# D28 and Larrivee D40, LV03R



## DavidChandross (10 mo ago)

I have owned a David Wren original, many Martins, Larivees and Gibsons, and I love them all. But nothing matches the power, volume and diversity of tones that I see in the D28. I did not by the HD model, frankly the D28 stretched my budget. But I am happy with this choice. I had a D18 but it was nothing like this. 

Now I have a Larrivee LV03 Rosewood on order and I will be thrilled to compare them. For pure inspiration, Larrivees really work for me as well. My D40 is not like a D18 or a D28. It is punchy,very percussive, sharp. Mahogany B/S. 

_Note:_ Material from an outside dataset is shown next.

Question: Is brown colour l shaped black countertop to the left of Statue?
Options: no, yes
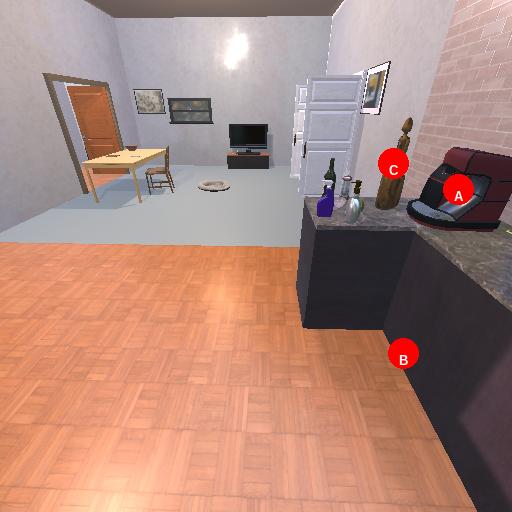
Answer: no

I think this is just a NGD post really. D28, where have you been all my life?


----------



## guitarman2 (Aug 25, 2006)

Nothing like a great D-28. I lusted after a D-28 from the early 70's until the early 90's when I bought my first, a D-28 standard. From there I went to an HD-28 then to an HD-28V which I owned for close to 9 years and only sold to buy a D-28 Authentic 1941 which I've had for over 5 years. Not long after I bought the D-28A I bought a D-18 Authentic 1939. As far as Martins go there is really no where to go better except the real vintage versions which will take a lottery win for me to own.


----------



## mawmow (Nov 14, 2017)

I am not actually a dreadnough guy... But I used to love the rare Larrivee L-03 koa I sold last year as well as the OM-09 I am on the verge to let go too (my Guild F-30 appears as good). I loved the sound of my former Martin D-35 and do love my OOO-18 (2014) as well as my OODB. I love my Taylors 412ce (2007) and 510 (2006) too. You cannot go wrong with these, nor with those you named.


----------



## b-nads (Apr 9, 2010)

I loved the D28 I had, but only for playing the guitar - not for singing with or recording. I recently went to L&M in Laval and played everything in the shop. In all honesty, the L03R that was there out-toned the D28. It had a deeper, richer bass, with the Larrivee balance through the rest of the frequency range.


----------



## gretsch4me (Jun 2, 2018)

Never owned a Larrivee, so can't comment on that. But I do have an '83 D-28 that I can't ever imagine being without. It is my cold, dead hands guitar. To my ears it has what I believe is the fundamental, classic D-28 sound made famous on numerous recordings. It's an easy sound to love and bond with. But that is what my ears hear and it is not to say that it is better than brand xyz.


----------



## DavidChandross (10 mo ago)

b-nads said:


> I loved the D28 I had, but only for playing the guitar - not for singing with or recording. I recently went to L&M in Laval and played everything in the shop. In all honesty, the L03R that was there out-toned the D28. It had a deeper, richer bass, with the Larrivee balance through the rest of the frequency range.


I agree, side by side the Larry performs in those areas better.


----------



## Shai`tan (Aug 25, 2020)

Bit of a thread resurrection here. But I am a fairly new D 28 owner. Picked up a 2016 D28 at my buddies Shop aways back. Now.... he carries quite a few high enders. Taylors. Larrivee`, Northwood... the list goes on. But out of all the ones in the Shop at the time, the D28 stood out with an alround better fuller balanced sound. Ultimately though I think the HD28 is where I`ll be heading. I find the D28 neck is a tad uncomfy .... incomparison to the HD28 I tried. The HD28 felt slimmer, and easier to chord/play. Hard to explain. More effortless. So if and when a 2018 HD28 shows up that`s been well played and broke in somewhat, I`ll be trading up. Although if a Northwood Dreadnaught with the right/similar sound as my D28 came my way, I wouldn`t kick it out of bed. ;p


----------